Royal Bank to Emphasize Indirect Auto Lending

Royal Bank of Canada has built an indirect auto lending business, with expectations of expanding it 300% in the next five years.

For the past year and a half it has been building a dealer network and refining a business model that it believes would protect it against an anticipated slowing of auto loans granted through bank branches.

Royal Bank officials are predicting Canadian consumers will begin acting more like U.S. borrowers, who tend to get auto loans directly through the lending divisions of the major automobile companies. These so-called "captive" lenders account for the vast majority of the $325 billion U.S. auto loan market.

"We see one-stop shopping for the car and the financing" coming to Canada, said Alberta G. Cefis, vice president of personal credit services at the $166 billion-asset bank, which has announced a deal to merge with Bank of Montreal.

"We have to be where the consumer wants to be, or we risk losing our entire auto portfolio," she added.

Royal Bank has installed CreditRevue software from Credit Management Solutions Inc. of Columbia, Md., to support its indirect lending unit.

It decided to install CreditRevue rather than develop its own system, which would have "taken substantially longer, cost more, and would not have been based on a proven technology and platform," said Ms. Cefis.

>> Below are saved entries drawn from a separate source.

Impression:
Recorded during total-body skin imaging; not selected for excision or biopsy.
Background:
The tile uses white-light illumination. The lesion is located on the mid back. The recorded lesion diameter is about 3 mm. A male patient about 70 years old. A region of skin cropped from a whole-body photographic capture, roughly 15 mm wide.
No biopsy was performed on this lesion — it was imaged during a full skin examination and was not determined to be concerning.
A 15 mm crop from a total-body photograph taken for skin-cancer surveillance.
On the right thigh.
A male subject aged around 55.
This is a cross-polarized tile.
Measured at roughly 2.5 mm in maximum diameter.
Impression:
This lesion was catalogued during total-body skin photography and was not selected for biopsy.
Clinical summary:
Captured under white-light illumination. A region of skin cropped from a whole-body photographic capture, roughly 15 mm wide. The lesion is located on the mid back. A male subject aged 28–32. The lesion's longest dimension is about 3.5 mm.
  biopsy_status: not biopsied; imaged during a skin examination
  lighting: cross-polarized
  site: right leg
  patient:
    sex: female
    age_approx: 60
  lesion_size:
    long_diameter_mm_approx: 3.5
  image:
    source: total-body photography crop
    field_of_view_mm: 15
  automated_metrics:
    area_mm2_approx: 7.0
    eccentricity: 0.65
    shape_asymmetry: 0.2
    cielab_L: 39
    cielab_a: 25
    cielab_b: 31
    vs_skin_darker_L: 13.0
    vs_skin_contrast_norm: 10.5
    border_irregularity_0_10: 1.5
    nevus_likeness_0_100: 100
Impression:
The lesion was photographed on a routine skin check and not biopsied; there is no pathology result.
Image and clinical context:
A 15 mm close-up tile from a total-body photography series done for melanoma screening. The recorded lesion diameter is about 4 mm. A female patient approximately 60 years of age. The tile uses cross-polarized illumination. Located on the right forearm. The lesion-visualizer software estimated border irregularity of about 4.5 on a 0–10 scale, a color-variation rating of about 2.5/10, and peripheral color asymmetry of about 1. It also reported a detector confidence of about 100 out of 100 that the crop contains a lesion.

CreditRevue receives faxed loan applications from dealerships and makes decisions on applicants' creditworthiness in two hours or less.

Ms. Cefis estimated that workers in the bank's dealer finance center would be able to handle many more applications a day with CreditRevue-50 to 100, as opposed to eight to 12 applications without it.

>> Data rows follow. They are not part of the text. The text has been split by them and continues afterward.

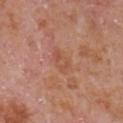Findings:
• notes: catalogued during a skin exam; not biopsied
• lighting: white-light
• body site: the chest
• image source: ~15 mm tile from a whole-body skin photo
• patient: male, aged around 65
• lesion size: ~3 mm (longest diameter)

CreditRevue also categorizes loans by risk and adjusts interest rates according to creditworthiness.

"It used to be that you either made the loan at 8% or you didn't," said Nancy Weil, senior vice president of marketing at Credit Management. "Today banks need tiered percentages-it might be 8%, 8.5%, or 9%-depending upon which credit category you fit into."

Royal Bank chose not to use Credit Management's CreditConnection network, which lets dealers send loan applications to the bank electronically via terminals.

The bank has also chosen not to publicize its Web site for auto lending, given its belief that customers are buying loans increasingly from dealerships, not from banks.

Other banks' attempts to generate auto loans through the Internet have fallen flat. After less than one year of operation, International Business Machines Corp. stopped supporting Auto Loan Exchange, a system for originating auto loans on the Internet that it had installed at Chase Manhattan Corp. and other financial institutions.

"We didn't see the customer demand from the dealers," said IBM spokeswoman Laura Keeton. "They didn't have any interest in paying for the technology."

Other CreditRevue customers include BankAmerica Corp., Banc One Corp., Comerica Inc., NationsBank Corp., Wachovia Corp., Wells Fargo & Co., Associates First Capital Corp., WFS Financial Inc., Nissan Motors Acceptance Corp., and General Motors' GMAC Corp.